那女人身上,除了胭脂水粉味,还有一股淡淡的死气。
那死气被阳气和香气层层包裹,若非他这种开了天眼的人,根本无从察觉。
一个活人,身上怎么会有死气?
他收回目光,心中的疑云却愈发浓重。
他将怀里睡熟的可可紧了紧,对白仓道。
“我去一趟老洪中那儿,买点黄纸。”
“去吧,我跟大牛看着摊子。”白仓挥了挥手。
抱着女儿穿过半条街。
一见周明进来,老洪中立刻笑开了花,从柜台下小心翼翼地捧出三叠颜色深浅不一的黄纸。
“周师傅,您要的东西我早就备下了!您瞧瞧,这三种纸,一种是普通毛边纸染的,一种是加了竹浆的,还有这最后一种,可是用老法子拿黄柏汁浸透了晾干的,韧性足,承得住朱砂的灵性!”
周明伸出两指,依次从三种纸上捻过。
指尖的触感天差地别。
前两种纸质地粗疏,灵气闭塞。
而最后那种,入手温润,带着一股淡淡的草木清香,纸浆纤维间仿佛有微光在流转。
好马配好鞍,好的符纸才能承载更强的灵力。
“就要这种。

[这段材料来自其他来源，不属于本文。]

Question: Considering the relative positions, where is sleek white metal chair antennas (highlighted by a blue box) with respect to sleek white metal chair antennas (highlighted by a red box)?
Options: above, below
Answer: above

”周明指了指最贵的那叠。
老洪中面露难色。
“这纸贵,买的人少,我这也屯得不多……”
周明看着柜台下剩下的另外两叠,淡淡开口。
“剩下的,我也一并要了。省得您老压货。”
老洪中一愣,随即脸上笑成了一朵**,连连摆手。
“那哪儿成!您照顾我生意,我得给您算便宜点!都给您打个八折!”
抱着一大包黄纸,牵着刚睡醒还有些迷糊的可可往回走,半路上,周明却迎面撞见一个白发苍苍的老妇人。
那老妇人步履蹒跚,手里挎着个菜篮子。
一看到周明,浑浊的眼睛里瞬间迸发出极度的恐惧,整个人猛地一缩,竟是贴着墙根,几乎是小跑着躲开了。
周明脚步一顿,眉头紧紧拧在了一起。
这老太太命不久矣。
他能清晰地看到,一缕缕黑灰色的死气正从她天灵盖不断溢出,将她整个人笼罩在一片衰败的阴影里。
可她怕甚?
周明百思不得其解,带着满腹的疑惑回到了卦摊。